Selain itu, tantangan tidak hanya soal kesiapan kapal. Situasi keamanan di Gaza yang terus berubah membuat pencarian kapal semakin sulit.
"Gak gampang mencari kapal yang mau ke Gaza. Artinya apa? Ini kita belum bicara jiwa nih, kita baru bicara kapal aja. Gak gampang mencari kapal ke Gaza untuk disewa. Untuk disewa udah gak mungkin. Karena risiko kapal ke Gaza akan menghadapi senjata-senjata tercanggih dari Amerika," tambahnya.
Karena kendala yang begitu berat, sebagian besar relawan akhirnya memutuskan pulang ke negara masing-masing. Termasuk delegasi dari Indonesia yang tak lagi mampu bertahan dengan keterbatasan waktu dan biaya.
"Banyak delegasi yang sudah kembali pulang ke tanah air, termasuk juga delegasi dari Indonesia. Dan gak cuma dari Indonesia yang kembali pulang ke tanah air, banyak banget delegasi dari Perancis, dari South Africa, dari Jerman, dari seluruh dunia. Hampir semuanya sudah kembali pulang ke negara masing-masing. Pertanyaannya, kenapa mereka kembali pulang? Karena teman-teman dalam hal ini saya harapkan bisa berhusnuzon ya, berprasangka baik. Karena terus terang kendala yang ada di sini berat banget. Susah banget memang kita untuk bertahan," terangnya.

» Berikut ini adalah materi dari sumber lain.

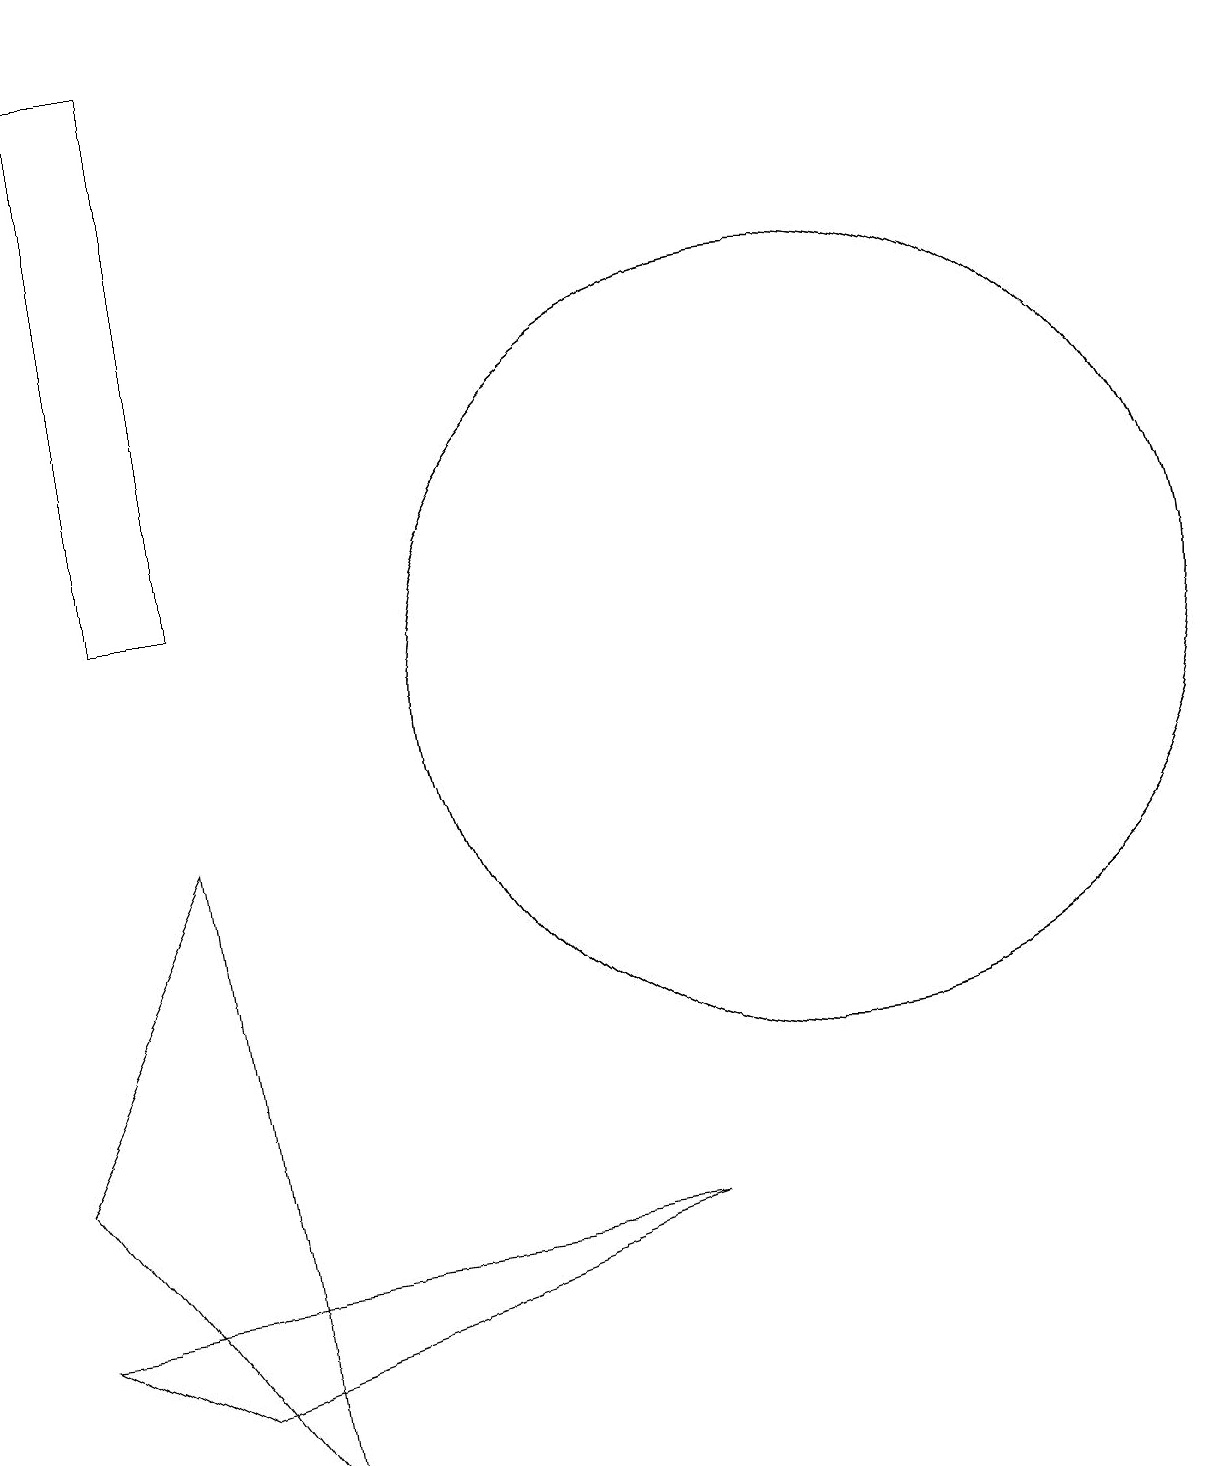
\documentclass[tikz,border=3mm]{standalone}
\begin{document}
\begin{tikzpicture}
\draw (2,8) -- (3,0) -- (0,4) -- cycle;
\draw (1,18) rectangle (2,11);
\draw (10,10) circle (5);
\draw (2,1) -- (0,2) -- (8,3) -- cycle;
\draw (10,10) circle (5);
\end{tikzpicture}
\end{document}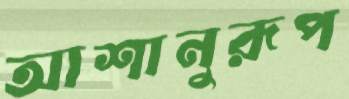
আশানুরূপ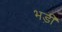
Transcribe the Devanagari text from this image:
भड़ी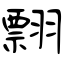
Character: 翲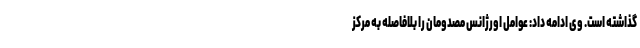
گذاشته است. وی ادامه داد: عوامل اورژانس مصدومان را بلافاصله به مرکز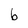
Character: b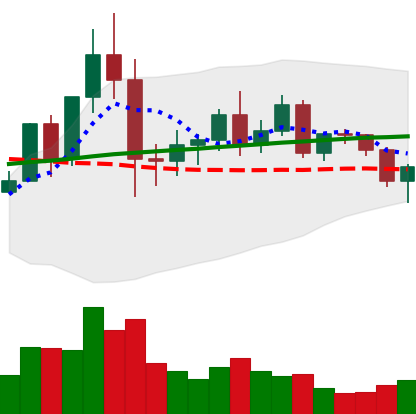
Ticker: NEO-USD
Chart end date: 2020-12-09
Forward return: 3.016%
Label: up_3_5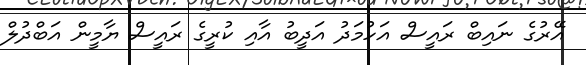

Melalui akun Instagram pribadinya, Wanda juga menyampaikan pesan kepada publik. Ia berharap masyarakat tidak mencemooh atau meremehkan relawan yang terpaksa pulang sebelum mencapai Gaza.
"Saya ingin teman-teman tidak meremehkan atau tidak mencemooh delegasi yang pulang. Karena kalian gak tahu betapa beratnya perjalanan menuju Gaza. Belum juga menuju Gaza, baru di Tunisia, ini udah berat banget. Dan kalian gak memahami betapa beratnya perjalanan ini. Jadi mohon, mohon banget, untuk tidak mencemooh kepulangan delegasi Indonesia yang udah berani mati untuk Palestina. Bukan cuma untuk Palestina, untuk bertahan dengan kemanusiaan, untuk bertahan dengan kebenaran," ucapnya.
Meski situasi tidak menentu, Wanda tetap berusaha hingga detik terakhir untuk bisa ikut berlayar menuju Gaza. Ia bahkan menyebut beberapa kapal yang berpotensi ditumpangi.
"Pokoknya hari ini hari terakhir saya mencoba untuk masuk kapal yang akan ke Gaza, Insya Allah. Doain hari ini berangkat, Kapal Alma. Terus tadi sejam yang lalu saya ditelepon berangkat, Kapal Yemen. Dan Insya Allah besok, maunya naik kapal Kaiser. Mudah-mudahan, Insya Allah doain saya masuk kapal Kaiser. Kalau tidak pun ya gak apa-apa. Berarti memang saya harus kembali ke Indonesia. Dan tentunya gak berhenti berjuang," tuturnya.
Bagi Wanda, apapun hasilnya, misi kemanusiaan tidak akan berhenti. Sekalipun langkah menuju Gaza terhenti di pelabuhan Tunisia, semangat membela kemanusiaan dan kebenaran akan terus ia bawa pulang ke Tanah Air.